Bring the batter together
Pour the wet mixture into the dries. Using a silicone spatula, fold just until the flour disappears; the batter should still be lumpy like cottage cheese. Over-mixing develops gluten and yields rubbery cakes.
Let it rest
Cover the bowl with a tea towel and let the batter nap for 10 minutes. During this time the flour hydrates and the leaveners start their fizz, resulting in extra-fluffy interiors.
Heat the skillet
Place a 10-inch cast-iron pan or griddle over medium-low heat for 3 full minutes. Flick a drop of water on the surface; if it dances and evaporates in 5 seconds, you’re golden. Lightly grease with a nub of butter; you want just enough to gloss the surface, not pool.
Scoop and swirl
Using a ⅓-cup measure, drop batter onto the hot skillet, leaving 2 inches between cakes. Resist the urge to flatten them—gravity will do the work. Cook 2–3 minutes until bubbles form on the surface and the edges look matte. Flip once and cook 1½–2 minutes more. Transfer to a wire rack set over a sheet pan in a 200 °F oven to keep warm while you repeat.
Serve in stacks
Pile three high, drown with warm maple syrup, and crown with a pat of salted butter. For extra hygge, scatter toasted pecans and a snow-dusting of powdered sugar. Serve immediately on pre-warmed plates so the butter doesn’t congeal.
Expert Tips
Control the heat
If pancakes brown too quickly, lower the flame. The sugar in pumpkin accelerates caramelization.
Freeze flat
Place cooled pancakes on parchment-lined sheet pans, freeze 1 hour, then bag. They won’t stick together.
Room-temp dairy
Cold buttermilk can seize the brown butter. Let it stand on the counter while you prep other ingredients.
Overnight option
Mix the dries and wets separately the night before; combine in the morning for near-instant breakfast.
Add color
Stir ⅓ cup mini chocolate chips or dried cranberries into the batter for festive pops of red and green.
Savory twist
Omit the sugar, swap in thyme and black pepper, and serve with fried eggs and bacon for a sweet-savory brunch.
Variations to Try
- Gluten-free: Replace flour with 1 cup oat flour + ¾ cup almond flour; add an extra ½ teaspoon baking powder.

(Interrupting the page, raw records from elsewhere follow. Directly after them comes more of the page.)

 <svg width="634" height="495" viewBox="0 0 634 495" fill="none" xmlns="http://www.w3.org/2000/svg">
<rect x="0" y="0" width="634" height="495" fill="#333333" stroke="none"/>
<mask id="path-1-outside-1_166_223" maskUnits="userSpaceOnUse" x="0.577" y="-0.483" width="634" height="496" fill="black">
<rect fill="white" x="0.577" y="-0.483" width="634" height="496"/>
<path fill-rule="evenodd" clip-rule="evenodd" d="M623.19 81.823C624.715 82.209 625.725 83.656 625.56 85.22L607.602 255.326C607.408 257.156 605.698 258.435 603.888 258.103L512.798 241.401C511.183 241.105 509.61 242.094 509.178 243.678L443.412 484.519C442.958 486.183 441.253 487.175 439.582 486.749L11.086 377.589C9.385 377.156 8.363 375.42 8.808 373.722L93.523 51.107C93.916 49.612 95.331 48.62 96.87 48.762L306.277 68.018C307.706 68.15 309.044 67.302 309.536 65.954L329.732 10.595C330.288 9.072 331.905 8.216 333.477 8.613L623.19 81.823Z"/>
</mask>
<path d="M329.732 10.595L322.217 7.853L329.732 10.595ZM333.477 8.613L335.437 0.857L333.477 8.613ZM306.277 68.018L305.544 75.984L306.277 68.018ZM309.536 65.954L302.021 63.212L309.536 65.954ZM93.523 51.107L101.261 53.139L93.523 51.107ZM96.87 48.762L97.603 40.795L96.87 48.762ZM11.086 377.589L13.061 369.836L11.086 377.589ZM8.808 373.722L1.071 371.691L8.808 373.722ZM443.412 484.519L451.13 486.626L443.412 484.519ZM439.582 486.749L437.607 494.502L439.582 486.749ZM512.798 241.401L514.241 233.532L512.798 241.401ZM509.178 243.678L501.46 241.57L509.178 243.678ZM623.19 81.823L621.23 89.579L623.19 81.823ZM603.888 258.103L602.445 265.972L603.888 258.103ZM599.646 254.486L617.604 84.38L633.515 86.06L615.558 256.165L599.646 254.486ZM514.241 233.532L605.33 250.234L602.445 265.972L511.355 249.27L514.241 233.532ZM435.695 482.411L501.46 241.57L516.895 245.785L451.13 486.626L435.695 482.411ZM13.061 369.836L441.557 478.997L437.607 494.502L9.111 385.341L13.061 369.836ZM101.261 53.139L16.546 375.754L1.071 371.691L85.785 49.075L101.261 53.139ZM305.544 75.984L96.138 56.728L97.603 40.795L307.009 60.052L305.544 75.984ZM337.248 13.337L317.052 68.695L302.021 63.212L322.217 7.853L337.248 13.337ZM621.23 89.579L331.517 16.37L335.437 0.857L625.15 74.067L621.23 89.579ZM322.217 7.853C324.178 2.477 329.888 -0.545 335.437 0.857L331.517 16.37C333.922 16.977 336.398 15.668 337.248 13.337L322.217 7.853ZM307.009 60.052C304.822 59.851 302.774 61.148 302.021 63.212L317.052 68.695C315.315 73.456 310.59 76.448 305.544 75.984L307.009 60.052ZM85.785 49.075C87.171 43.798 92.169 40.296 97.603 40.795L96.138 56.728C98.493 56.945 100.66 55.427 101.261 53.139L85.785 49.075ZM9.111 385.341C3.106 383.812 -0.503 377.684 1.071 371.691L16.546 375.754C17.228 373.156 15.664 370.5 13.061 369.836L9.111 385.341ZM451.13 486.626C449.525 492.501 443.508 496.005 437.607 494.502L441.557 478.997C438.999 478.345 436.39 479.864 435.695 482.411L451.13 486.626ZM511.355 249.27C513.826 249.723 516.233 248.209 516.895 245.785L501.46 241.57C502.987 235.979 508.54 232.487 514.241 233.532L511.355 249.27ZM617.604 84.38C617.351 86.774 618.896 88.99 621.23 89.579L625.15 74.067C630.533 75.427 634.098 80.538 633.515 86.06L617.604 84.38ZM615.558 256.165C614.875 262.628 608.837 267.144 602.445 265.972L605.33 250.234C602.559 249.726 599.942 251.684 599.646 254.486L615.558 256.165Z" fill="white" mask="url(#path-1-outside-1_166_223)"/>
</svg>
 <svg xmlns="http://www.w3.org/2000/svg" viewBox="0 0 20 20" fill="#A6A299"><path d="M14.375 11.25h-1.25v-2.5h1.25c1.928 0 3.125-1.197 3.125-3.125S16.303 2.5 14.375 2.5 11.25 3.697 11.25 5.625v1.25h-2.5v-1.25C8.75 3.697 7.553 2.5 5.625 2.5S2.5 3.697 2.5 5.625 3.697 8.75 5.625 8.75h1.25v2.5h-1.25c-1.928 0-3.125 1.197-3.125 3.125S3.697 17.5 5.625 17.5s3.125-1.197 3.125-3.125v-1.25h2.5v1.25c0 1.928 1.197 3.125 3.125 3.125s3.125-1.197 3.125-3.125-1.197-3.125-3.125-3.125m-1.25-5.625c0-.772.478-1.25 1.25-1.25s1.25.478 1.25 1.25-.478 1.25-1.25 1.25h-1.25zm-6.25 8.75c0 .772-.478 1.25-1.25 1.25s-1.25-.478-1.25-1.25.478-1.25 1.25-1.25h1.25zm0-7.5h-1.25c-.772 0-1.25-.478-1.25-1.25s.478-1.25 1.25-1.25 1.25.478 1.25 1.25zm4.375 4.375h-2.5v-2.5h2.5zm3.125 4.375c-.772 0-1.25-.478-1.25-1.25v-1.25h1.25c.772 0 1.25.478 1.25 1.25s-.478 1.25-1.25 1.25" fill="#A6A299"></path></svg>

- Dairy-free: Use coconut oil instead of butter and canned coconut milk instead of buttermilk.
- Protein boost: Fold in 2 tablespoons vanilla whey protein and reduce flour by 2 tablespoons.
- Spice swap: Trade cinnamon for Chinese five-spice and serve with poached pears.
- Stuffed center: Drop a teaspoon of cream-cheese icing in the center of each pancake before flipping for a molten core.
Storage Tips
Cool leftovers completely on a wire rack—trapping steam inside makes them soggy. Stack with parchment between each pancake, slide into a zip-top bag, and refrigerate up to 4 days or freeze up to 2 months. Reheat in a toaster on the “frozen” setting or in a 350 °F oven for 6 minutes. Microwaves work in a pinch, but they’ll soften the edges. For a make-ahead mix, whisk all dry ingredients and store in a mason jar; attach a tag with the wet measurements for gift-ready breakfast kits.
Frequently Asked Questions
Warm Pumpkin Spice Pancakes for a Cozy Winter Breakfast
Ingredients
Instructions
- Brown the butter: Melt butter in a skillet until nutty and golden. Scrape into a large bowl; cool 5 min.
- Whisk wet: Add pumpkin, eggs, maple syrup, buttermilk, and molasses to the butter; whisk smooth.
- Mix dry: In a second bowl whisk flour, sugar, leaveners, salt, and spices.
- Combine: Fold dry into wet just until no flour streaks remain; batter will be lumpy.
- Rest: Let batter stand 10 min while preheating a cast-iron skillet over medium-low.
- Cook: Grease skillet, scoop ⅓-cup batter, cook 2–3 min per side until golden.
- Keep warm: Hold in a 200 °F oven on a rack; serve in tall stacks with maple syrup.
Recipe Notes
Leftovers freeze beautifully—reheat in toaster for weekday mornings. For extra-plush texture, separate the eggs and whip the whites to soft peaks; fold in at the end.